Former Botswana Agricultural Marketing Board (BAMB) chief executive officer (CEO), Leonard Morakaladi has dismissed a whistle-blower report that was filed with BAMB board and later copied to the Office of the President (OP) as a smear campaign meant to tarnish his name.
Morakaladi, who was fired under dubious circumstances, said he was aware of the report and at its first appearance two years ago, there was supposed to be an investigation into the allegations. “While I was happy to have these allegations investigated in order to clear my name together with my Executive Committee (EXCOM), I had an issue with the person leading the investigations as she was highly conflicted,” Morakaladi said, but declined to name the individual. “The person was a board member and not only did she want the investigations done, she also had her own private investigators that she appointed with a price tag of P250, 000,” he could only say.
Morakaladi noted that, “the board member was not interested in using a state agency which would do the job at no fee”. It is alleged that the P250, 000 was to be paid by BAMB and the board member wanted a company of her choice, which never tendered to do the private investigation.
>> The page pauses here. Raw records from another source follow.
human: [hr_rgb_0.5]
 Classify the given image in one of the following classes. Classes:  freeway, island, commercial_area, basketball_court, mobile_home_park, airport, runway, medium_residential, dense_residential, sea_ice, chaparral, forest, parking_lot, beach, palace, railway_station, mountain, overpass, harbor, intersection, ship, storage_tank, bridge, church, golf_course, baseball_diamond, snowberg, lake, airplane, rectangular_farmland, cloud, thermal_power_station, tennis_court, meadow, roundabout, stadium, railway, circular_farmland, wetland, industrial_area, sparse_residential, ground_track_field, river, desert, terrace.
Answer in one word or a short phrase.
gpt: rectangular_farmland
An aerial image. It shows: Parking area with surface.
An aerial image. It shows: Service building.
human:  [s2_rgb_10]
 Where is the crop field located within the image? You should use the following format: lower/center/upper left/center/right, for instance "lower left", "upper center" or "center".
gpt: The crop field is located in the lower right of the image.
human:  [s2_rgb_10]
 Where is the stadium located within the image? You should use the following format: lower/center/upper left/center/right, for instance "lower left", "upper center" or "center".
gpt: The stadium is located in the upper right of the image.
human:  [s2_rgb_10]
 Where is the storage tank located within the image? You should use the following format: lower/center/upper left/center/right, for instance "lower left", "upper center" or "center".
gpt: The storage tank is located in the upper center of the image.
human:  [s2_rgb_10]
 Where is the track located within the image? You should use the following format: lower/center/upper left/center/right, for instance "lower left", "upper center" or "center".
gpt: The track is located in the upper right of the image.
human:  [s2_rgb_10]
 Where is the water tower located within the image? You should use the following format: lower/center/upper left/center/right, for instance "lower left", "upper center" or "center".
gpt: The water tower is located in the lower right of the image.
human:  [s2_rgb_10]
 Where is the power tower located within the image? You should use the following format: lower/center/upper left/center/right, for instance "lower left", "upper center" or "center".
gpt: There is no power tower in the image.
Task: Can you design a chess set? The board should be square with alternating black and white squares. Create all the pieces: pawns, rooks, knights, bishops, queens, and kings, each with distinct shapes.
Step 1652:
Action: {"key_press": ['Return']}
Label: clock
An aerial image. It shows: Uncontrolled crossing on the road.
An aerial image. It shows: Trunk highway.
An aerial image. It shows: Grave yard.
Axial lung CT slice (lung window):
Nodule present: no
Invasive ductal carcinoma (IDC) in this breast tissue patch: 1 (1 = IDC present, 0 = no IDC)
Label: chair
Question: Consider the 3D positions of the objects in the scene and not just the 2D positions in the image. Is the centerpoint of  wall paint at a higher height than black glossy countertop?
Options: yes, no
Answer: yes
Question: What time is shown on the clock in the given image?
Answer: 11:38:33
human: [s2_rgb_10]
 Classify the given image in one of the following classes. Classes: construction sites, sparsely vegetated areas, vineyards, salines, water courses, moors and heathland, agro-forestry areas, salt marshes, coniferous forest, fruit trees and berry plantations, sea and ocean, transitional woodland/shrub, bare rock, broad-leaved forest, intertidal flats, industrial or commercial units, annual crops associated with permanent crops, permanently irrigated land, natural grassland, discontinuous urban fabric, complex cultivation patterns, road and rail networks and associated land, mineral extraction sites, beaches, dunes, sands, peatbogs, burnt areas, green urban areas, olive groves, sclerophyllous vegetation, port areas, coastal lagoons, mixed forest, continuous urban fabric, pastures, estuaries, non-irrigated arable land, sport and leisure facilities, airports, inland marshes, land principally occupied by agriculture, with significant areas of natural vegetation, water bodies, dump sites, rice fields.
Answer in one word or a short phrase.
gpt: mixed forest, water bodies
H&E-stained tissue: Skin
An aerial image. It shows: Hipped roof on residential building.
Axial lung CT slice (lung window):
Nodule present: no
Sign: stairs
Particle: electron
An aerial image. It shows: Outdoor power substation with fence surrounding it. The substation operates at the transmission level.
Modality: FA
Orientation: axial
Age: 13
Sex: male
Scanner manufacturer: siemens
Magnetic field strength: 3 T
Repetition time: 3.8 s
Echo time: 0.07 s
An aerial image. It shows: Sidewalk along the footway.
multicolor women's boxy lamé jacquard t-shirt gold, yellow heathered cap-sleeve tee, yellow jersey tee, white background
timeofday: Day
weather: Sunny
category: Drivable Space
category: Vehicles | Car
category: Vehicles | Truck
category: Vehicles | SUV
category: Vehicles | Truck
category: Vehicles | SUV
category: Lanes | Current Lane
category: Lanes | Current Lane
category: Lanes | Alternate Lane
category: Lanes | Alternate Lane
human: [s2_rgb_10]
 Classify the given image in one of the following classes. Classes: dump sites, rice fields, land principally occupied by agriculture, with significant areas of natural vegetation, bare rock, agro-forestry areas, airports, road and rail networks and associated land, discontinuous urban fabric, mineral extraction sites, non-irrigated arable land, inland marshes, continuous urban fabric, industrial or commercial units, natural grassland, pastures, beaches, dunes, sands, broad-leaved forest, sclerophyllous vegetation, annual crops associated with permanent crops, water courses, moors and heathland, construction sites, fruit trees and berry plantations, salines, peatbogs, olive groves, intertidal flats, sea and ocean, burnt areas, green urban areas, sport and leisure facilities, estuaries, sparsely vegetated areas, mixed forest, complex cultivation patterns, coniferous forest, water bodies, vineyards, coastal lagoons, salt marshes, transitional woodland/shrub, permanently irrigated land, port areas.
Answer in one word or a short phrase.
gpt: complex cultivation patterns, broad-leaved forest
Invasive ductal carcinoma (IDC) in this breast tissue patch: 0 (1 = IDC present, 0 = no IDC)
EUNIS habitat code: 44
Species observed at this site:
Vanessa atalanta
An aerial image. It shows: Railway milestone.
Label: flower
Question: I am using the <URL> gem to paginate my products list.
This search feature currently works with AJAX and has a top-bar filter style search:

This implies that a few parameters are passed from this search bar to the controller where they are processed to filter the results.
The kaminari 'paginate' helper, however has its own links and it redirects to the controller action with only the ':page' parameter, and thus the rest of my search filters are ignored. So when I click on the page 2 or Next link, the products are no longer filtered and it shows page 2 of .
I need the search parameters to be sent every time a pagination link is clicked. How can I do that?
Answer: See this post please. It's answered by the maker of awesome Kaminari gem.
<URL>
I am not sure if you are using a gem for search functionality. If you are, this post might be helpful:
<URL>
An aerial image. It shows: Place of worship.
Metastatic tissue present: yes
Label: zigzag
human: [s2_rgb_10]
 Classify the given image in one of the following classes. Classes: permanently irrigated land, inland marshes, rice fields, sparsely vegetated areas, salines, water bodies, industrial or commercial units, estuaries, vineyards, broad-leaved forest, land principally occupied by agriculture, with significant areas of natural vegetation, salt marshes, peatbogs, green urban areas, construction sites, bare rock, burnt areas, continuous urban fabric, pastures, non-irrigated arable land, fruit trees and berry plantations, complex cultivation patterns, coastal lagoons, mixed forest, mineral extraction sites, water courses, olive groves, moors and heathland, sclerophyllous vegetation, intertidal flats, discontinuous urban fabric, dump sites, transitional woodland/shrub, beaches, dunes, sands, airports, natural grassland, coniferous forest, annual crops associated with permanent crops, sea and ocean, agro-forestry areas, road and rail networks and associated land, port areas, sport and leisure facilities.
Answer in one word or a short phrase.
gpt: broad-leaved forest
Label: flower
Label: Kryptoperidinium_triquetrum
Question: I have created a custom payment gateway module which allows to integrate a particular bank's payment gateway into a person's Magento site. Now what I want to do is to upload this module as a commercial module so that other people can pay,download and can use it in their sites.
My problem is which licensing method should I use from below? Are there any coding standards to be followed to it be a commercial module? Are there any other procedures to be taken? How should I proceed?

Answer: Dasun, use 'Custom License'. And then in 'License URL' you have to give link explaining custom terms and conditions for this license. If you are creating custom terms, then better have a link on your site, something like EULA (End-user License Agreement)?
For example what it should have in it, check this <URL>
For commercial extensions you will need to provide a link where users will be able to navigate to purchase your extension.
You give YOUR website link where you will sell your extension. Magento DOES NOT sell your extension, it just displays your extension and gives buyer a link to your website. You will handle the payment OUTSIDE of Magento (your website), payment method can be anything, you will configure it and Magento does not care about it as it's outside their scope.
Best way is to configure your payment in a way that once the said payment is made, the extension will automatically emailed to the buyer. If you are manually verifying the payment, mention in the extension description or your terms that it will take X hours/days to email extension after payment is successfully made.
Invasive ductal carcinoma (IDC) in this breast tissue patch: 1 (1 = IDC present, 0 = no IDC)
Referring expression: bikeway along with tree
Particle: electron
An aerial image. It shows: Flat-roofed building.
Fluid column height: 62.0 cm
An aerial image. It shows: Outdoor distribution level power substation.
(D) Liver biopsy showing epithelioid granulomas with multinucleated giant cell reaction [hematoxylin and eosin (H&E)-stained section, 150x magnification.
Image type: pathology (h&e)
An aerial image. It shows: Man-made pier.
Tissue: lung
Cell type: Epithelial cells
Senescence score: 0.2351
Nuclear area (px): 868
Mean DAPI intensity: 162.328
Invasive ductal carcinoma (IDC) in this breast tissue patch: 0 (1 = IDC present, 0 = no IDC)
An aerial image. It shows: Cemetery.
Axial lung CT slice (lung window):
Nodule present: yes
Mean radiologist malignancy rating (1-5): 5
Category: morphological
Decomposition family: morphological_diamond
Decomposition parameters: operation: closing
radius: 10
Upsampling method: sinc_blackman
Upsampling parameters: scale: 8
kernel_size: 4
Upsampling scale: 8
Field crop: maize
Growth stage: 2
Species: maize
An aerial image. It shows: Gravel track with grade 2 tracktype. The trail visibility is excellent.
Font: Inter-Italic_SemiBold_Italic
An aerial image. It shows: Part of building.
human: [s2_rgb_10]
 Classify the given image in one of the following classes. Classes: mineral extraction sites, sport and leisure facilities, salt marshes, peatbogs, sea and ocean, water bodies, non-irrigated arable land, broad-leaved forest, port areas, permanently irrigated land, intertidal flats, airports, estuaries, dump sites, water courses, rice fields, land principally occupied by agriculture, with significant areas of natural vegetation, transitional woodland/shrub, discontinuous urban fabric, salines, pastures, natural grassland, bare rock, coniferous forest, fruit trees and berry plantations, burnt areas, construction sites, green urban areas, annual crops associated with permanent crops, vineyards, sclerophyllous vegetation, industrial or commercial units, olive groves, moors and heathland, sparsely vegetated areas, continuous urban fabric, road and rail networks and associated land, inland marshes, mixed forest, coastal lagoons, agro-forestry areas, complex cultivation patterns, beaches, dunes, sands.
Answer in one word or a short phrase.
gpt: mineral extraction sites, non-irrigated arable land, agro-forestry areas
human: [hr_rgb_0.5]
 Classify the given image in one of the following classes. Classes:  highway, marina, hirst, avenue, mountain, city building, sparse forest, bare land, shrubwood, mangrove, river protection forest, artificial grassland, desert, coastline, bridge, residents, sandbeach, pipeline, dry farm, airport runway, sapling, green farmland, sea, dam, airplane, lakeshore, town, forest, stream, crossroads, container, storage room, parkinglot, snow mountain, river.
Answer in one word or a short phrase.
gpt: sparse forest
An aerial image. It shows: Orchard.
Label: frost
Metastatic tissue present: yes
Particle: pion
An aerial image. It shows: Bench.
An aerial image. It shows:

Morakaladi questioned why not use the Directorate on Corruption and Economic Crime (DCEC) or the Directorate of Intelligence and Security (DIS).
Apparently the board member (name known to this publication) was not happy with using the DCEC nor DIS as she wanted to cash from the said company under dubious circumstances. The former CEO submitted that the whistle-blower’s report and subsequent style of investigation that the member preferred seemed to have had a pre-determined outcome which was to tarnish his name and remove him from office. “My letter of objection only managed to delay the desired outcome by a few months, as the issue resurfaced earlier this year which resulted in the board reneging on its 2019 resolution where it varied my contract from three to five years to align it with the new BAMB strategy,” he said. Morakaladi was given 48 hours to clear office and hand over instead of the usual three-month notice period. “This, it seems was meant to deny me an opportunity for certain benefits that were due to me under the normal notice period.”
He added: “Apart from removing me from office, one other thing that the report was meant to achieve was to present me as a corrupt and unethical CEO, so by resurfacing this report I can only assume that the same detractors are hoping to put what they believe is the last nail in the coffin.” Commenting on claims that procurement procedures were not followed under his leadership such as buying of feed, manufacturing, trucks, pool cars and a Toyota Fortuner amongst others, he explained that procurement of each of the items was ratified by the board. This is as they aligned with the Board‘s objectives such as cost cutting and turning the business around from loss making to profitability.
“I wish to add that when I took the reins as CEO in March 2018, BAMB was in very bad financial state with loan facilities that had not been serviced for sometime and most overdue. The only available vehicle fleet were old trucks and obsolete cars with a high maintenance cost.” As CEO, he had to be innovative and use private sector type initiatives to resource an entity like BAMB in order to bring it back to sustainability. Therefore, the only rational approach, which is common in the private sector was that of leasing as opposed to outright purchase. “For an entity with a healthy balance sheet,” he
Along with his management team they identified all visible risks based on financial projections and sales initiatives and were able to secure support from a leasing house and were further able to lease new trucks with trailers and new cars. This has enabled BAMB to cut costs and increase efficiency which has resulted in positive business performance and return to profitability. With regards to the Toyota Fortuner, this was inline with cost cutting and belt tightening against mileage claims that were on the rise as the Exco team used their own vehicles to visit branches and carryout other duties. Further to this the Fortuner was also used to transport board members who needed transport while of BAMB duties.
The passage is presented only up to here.